*** Block opens ***
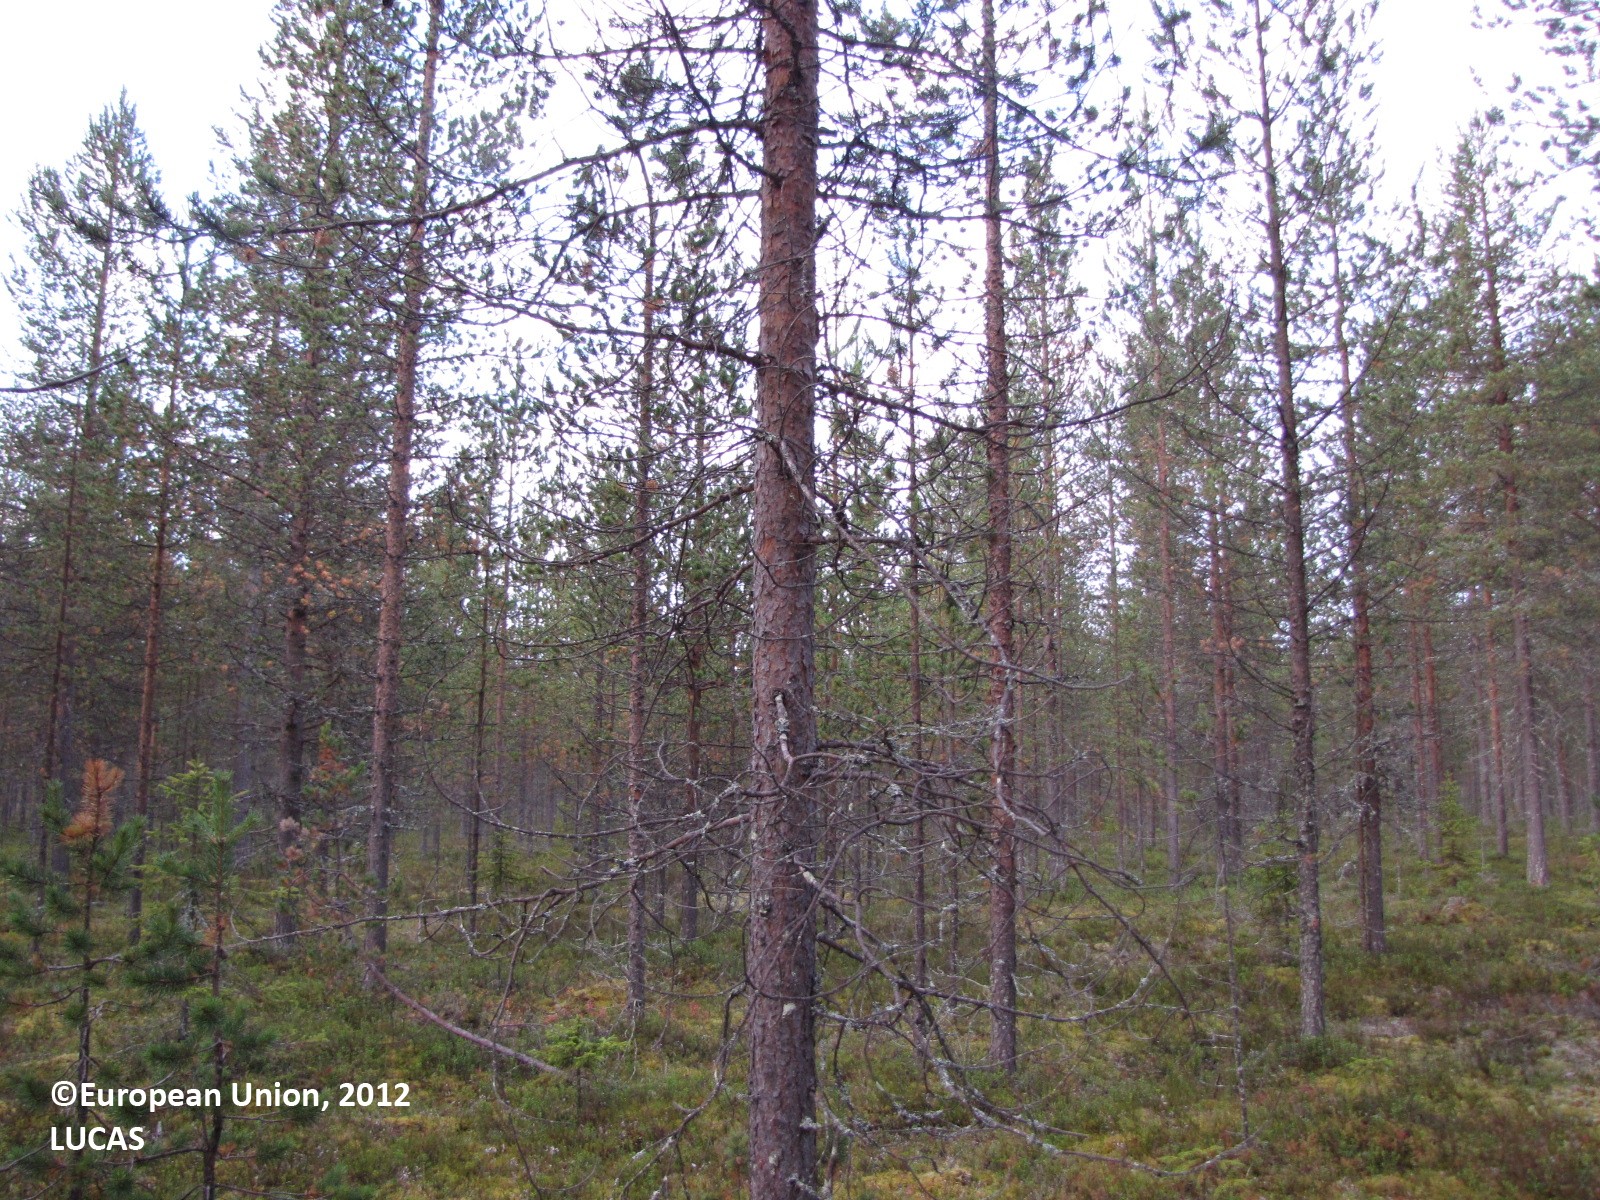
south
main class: Woodland
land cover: Pine dominated coniferous woodland
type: boreal forest
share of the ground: 50 - 75 %
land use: Forestry
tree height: > 5 m
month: September
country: FI
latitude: 67.3139
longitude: 24.8870
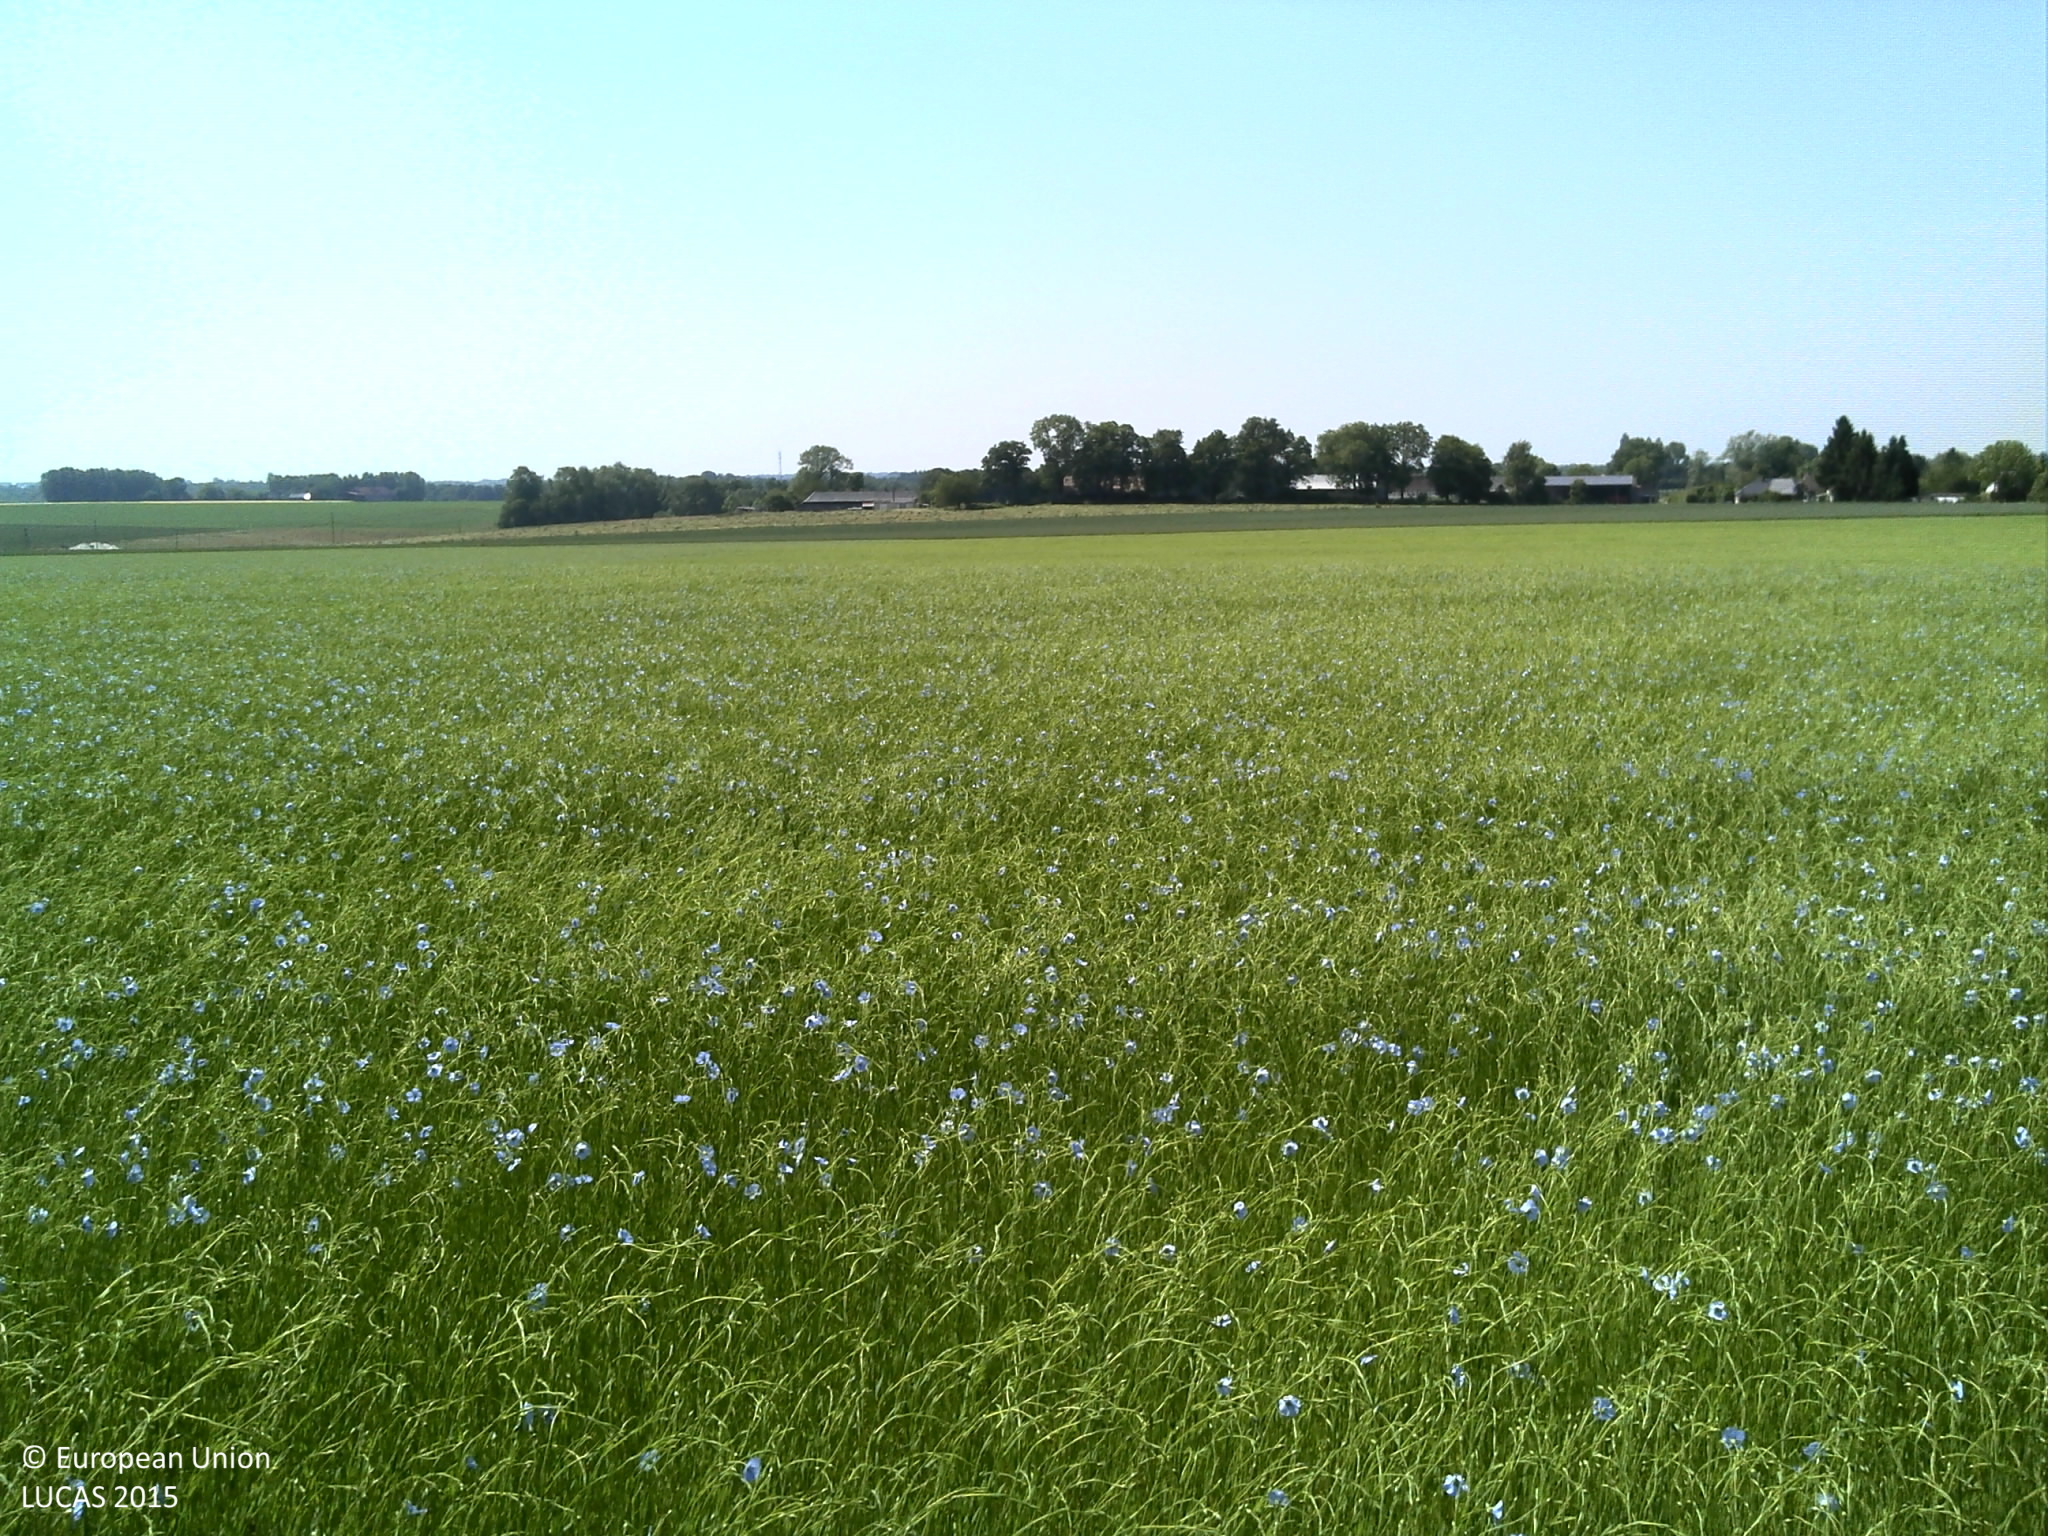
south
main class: Cropland
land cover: Other fibre and oleaginous crops
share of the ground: > 75 %
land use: Agriculture (excluding fallow land and kitchen gardens)
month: June
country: FR
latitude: 49.5876
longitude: 1.1675
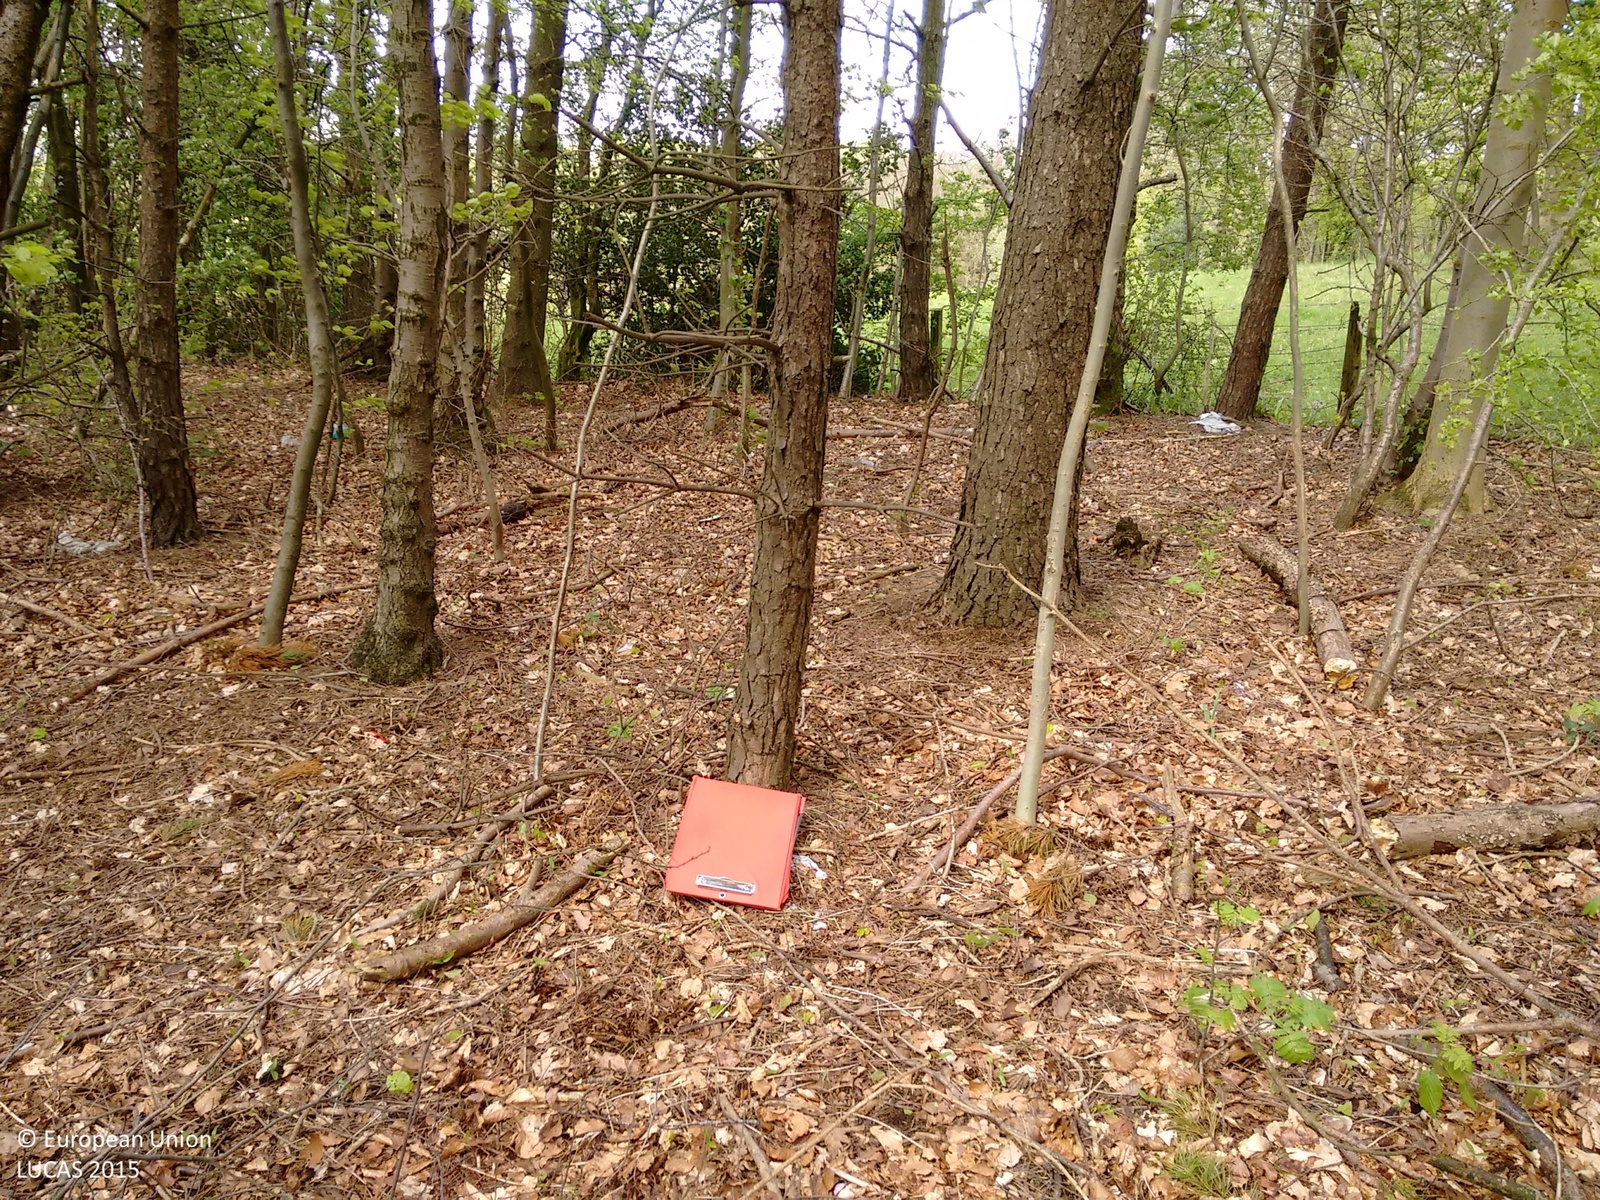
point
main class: Woodland
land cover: Broadleaved woodland
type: exotic forest
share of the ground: > 75 %
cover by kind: broadleaved forest trees 90 %, coniferous forest trees 10 %
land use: Amenities, museums, leisure
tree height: > 5 m
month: May
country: GB
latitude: 55.9695
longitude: -3.9454
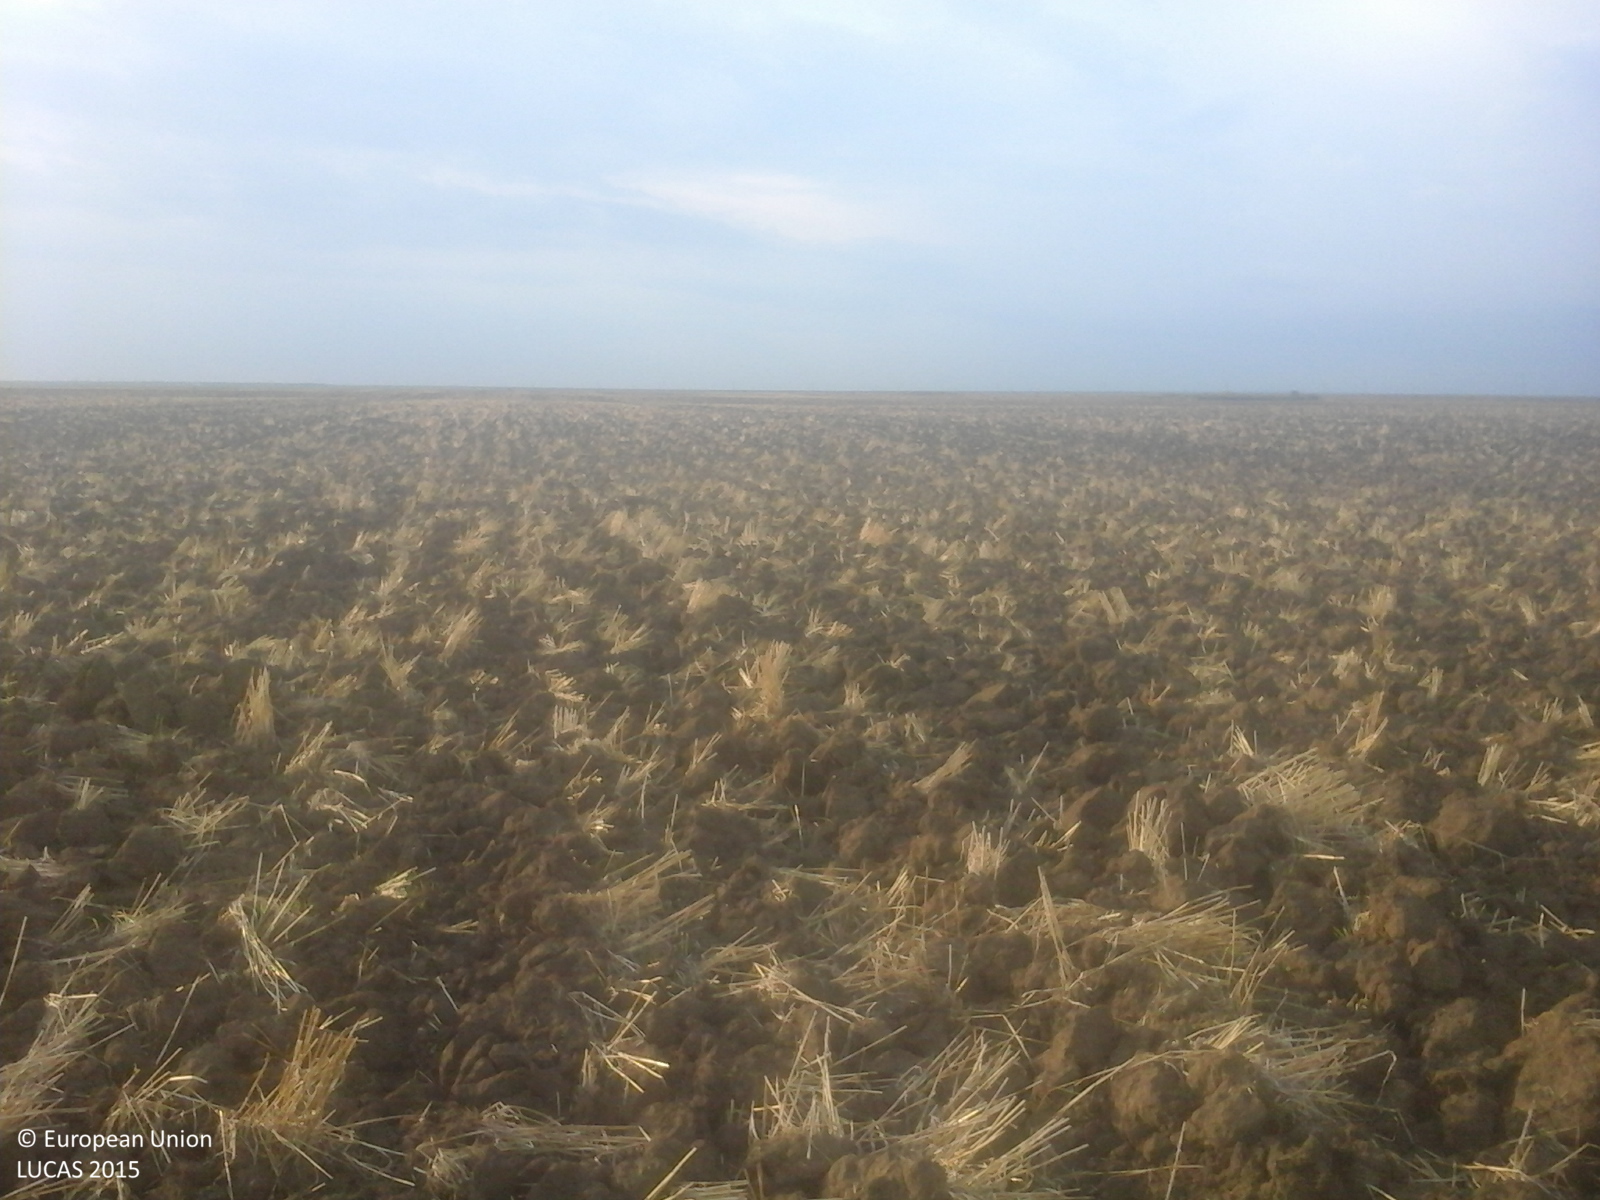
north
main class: Cropland
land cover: Common wheat
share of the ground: < 10 %
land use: Agriculture (excluding fallow land and kitchen gardens)
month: July
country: RO
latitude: 43.8341
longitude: 24.5288
*** Block closes ***
» Task
Copy each line from the records above that includes the string "ground".

» Solution
share of the ground: 50 - 75 %
share of the ground: > 75 %
share of the ground: > 75 %
share of the ground: < 10 %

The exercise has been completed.